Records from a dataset

Segment Open

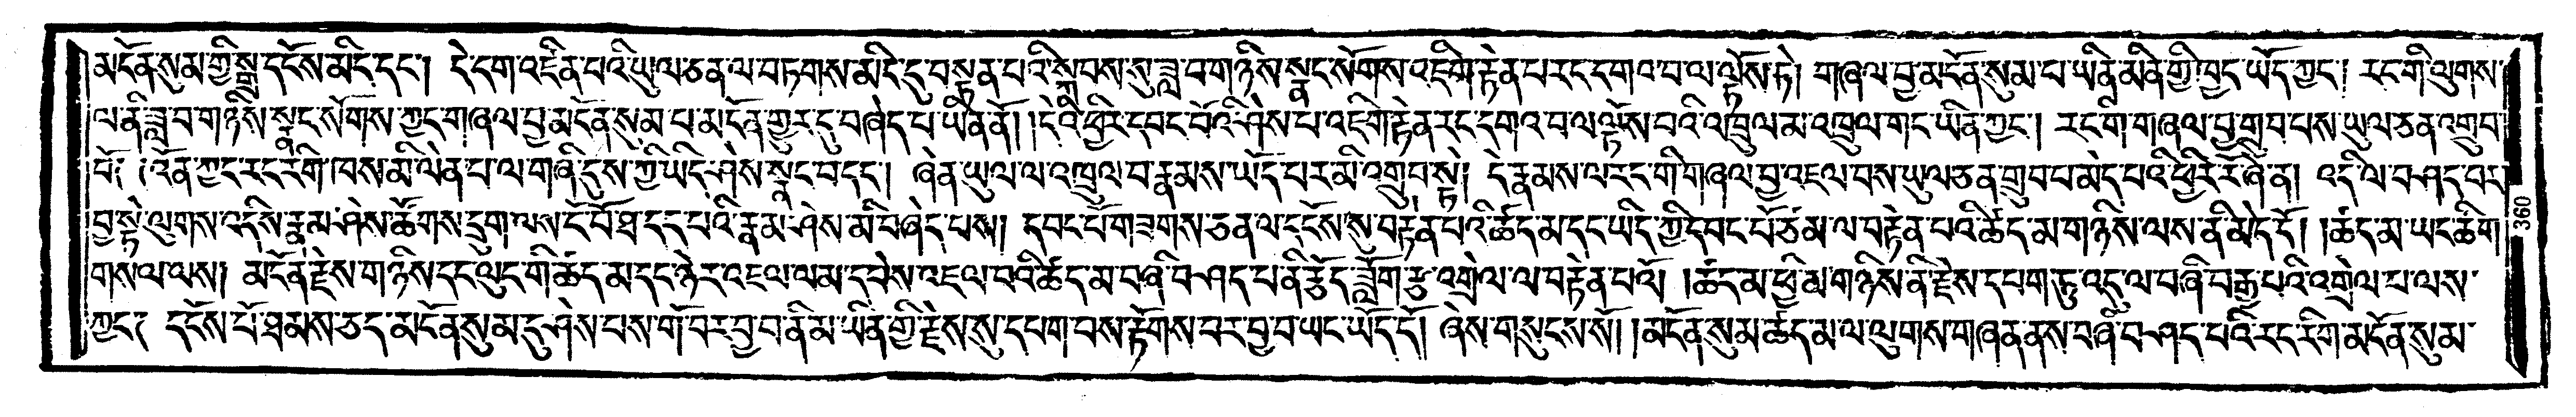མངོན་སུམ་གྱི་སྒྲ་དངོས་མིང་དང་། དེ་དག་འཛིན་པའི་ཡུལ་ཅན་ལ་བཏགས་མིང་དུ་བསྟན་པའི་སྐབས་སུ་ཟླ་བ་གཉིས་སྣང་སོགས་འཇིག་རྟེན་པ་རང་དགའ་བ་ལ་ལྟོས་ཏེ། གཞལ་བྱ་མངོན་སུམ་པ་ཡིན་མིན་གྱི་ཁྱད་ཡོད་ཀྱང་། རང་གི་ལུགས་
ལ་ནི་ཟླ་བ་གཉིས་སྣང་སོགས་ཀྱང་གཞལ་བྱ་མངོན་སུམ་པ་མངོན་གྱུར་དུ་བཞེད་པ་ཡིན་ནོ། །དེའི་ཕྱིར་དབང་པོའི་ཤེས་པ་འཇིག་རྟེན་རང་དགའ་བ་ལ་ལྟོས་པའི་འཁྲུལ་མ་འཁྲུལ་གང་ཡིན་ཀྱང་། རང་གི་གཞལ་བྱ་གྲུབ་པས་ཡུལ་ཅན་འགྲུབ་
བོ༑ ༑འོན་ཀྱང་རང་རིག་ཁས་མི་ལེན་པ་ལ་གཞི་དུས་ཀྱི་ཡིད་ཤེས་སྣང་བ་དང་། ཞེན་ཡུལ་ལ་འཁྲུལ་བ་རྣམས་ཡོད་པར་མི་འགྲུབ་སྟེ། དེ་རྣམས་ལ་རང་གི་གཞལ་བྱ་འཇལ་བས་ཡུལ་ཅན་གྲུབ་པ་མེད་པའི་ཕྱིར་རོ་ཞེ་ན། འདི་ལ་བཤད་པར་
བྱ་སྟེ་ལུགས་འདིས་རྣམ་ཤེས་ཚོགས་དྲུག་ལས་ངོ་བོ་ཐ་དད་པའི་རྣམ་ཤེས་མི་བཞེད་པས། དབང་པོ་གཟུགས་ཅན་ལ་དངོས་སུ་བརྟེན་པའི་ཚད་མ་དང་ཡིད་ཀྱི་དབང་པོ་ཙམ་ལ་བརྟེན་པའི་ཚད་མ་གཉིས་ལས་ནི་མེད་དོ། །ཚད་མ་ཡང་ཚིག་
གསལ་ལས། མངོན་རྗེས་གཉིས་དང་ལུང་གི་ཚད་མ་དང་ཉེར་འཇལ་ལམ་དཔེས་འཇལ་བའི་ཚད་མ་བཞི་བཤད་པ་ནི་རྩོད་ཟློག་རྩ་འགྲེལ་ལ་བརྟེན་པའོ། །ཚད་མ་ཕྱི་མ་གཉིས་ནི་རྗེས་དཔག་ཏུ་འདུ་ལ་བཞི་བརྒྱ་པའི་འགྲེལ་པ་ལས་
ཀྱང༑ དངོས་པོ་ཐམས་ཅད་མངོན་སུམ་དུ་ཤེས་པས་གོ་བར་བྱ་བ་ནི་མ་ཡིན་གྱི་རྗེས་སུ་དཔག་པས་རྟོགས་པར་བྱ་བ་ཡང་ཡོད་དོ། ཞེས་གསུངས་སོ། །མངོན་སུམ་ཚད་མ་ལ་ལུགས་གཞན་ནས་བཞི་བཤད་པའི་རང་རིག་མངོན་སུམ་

Segment Closed

● The problem: The copy you produce must match the entries above exactly, except that it has no pictures.

● Answer to this problem:
མངོན་སུམ་གྱི་སྒྲ་དངོས་མིང་དང་། དེ་དག་འཛིན་པའི་ཡུལ་ཅན་ལ་བཏགས་མིང་དུ་བསྟན་པའི་སྐབས་སུ་ཟླ་བ་གཉིས་སྣང་སོགས་འཇིག་རྟེན་པ་རང་དགའ་བ་ལ་ལྟོས་ཏེ། གཞལ་བྱ་མངོན་སུམ་པ་ཡིན་མིན་གྱི་ཁྱད་ཡོད་ཀྱང་། རང་གི་ལུགས་
ལ་ནི་ཟླ་བ་གཉིས་སྣང་སོགས་ཀྱང་གཞལ་བྱ་མངོན་སུམ་པ་མངོན་གྱུར་དུ་བཞེད་པ་ཡིན་ནོ། །དེའི་ཕྱིར་དབང་པོའི་ཤེས་པ་འཇིག་རྟེན་རང་དགའ་བ་ལ་ལྟོས་པའི་འཁྲུལ་མ་འཁྲུལ་གང་ཡིན་ཀྱང་། རང་གི་གཞལ་བྱ་གྲུབ་པས་ཡུལ་ཅན་འགྲུབ་
བོ༑ ༑འོན་ཀྱང་རང་རིག་ཁས་མི་ལེན་པ་ལ་གཞི་དུས་ཀྱི་ཡིད་ཤེས་སྣང་བ་དང་། ཞེན་ཡུལ་ལ་འཁྲུལ་བ་རྣམས་ཡོད་པར་མི་འགྲུབ་སྟེ། དེ་རྣམས་ལ་རང་གི་གཞལ་བྱ་འཇལ་བས་ཡུལ་ཅན་གྲུབ་པ་མེད་པའི་ཕྱིར་རོ་ཞེ་ན། འདི་ལ་བཤད་པར་
བྱ་སྟེ་ལུགས་འདིས་རྣམ་ཤེས་ཚོགས་དྲུག་ལས་ངོ་བོ་ཐ་དད་པའི་རྣམ་ཤེས་མི་བཞེད་པས། དབང་པོ་གཟུགས་ཅན་ལ་དངོས་སུ་བརྟེན་པའི་ཚད་མ་དང་ཡིད་ཀྱི་དབང་པོ་ཙམ་ལ་བརྟེན་པའི་ཚད་མ་གཉིས་ལས་ནི་མེད་དོ། །ཚད་མ་ཡང་ཚིག་
གསལ་ལས། མངོན་རྗེས་གཉིས་དང་ལུང་གི་ཚད་མ་དང་ཉེར་འཇལ་ལམ་དཔེས་འཇལ་བའི་ཚད་མ་བཞི་བཤད་པ་ནི་རྩོད་ཟློག་རྩ་འགྲེལ་ལ་བརྟེན་པའོ། །ཚད་མ་ཕྱི་མ་གཉིས་ནི་རྗེས་དཔག་ཏུ་འདུ་ལ་བཞི་བརྒྱ་པའི་འགྲེལ་པ་ལས་
ཀྱང༑ དངོས་པོ་ཐམས་ཅད་མངོན་སུམ་དུ་ཤེས་པས་གོ་བར་བྱ་བ་ནི་མ་ཡིན་གྱི་རྗེས་སུ་དཔག་པས་རྟོགས་པར་བྱ་བ་ཡང་ཡོད་དོ། ཞེས་གསུངས་སོ། །མངོན་སུམ་ཚད་མ་ལ་ལུགས་གཞན་ནས་བཞི་བཤད་པའི་རང་རིག་མངོན་སུམ་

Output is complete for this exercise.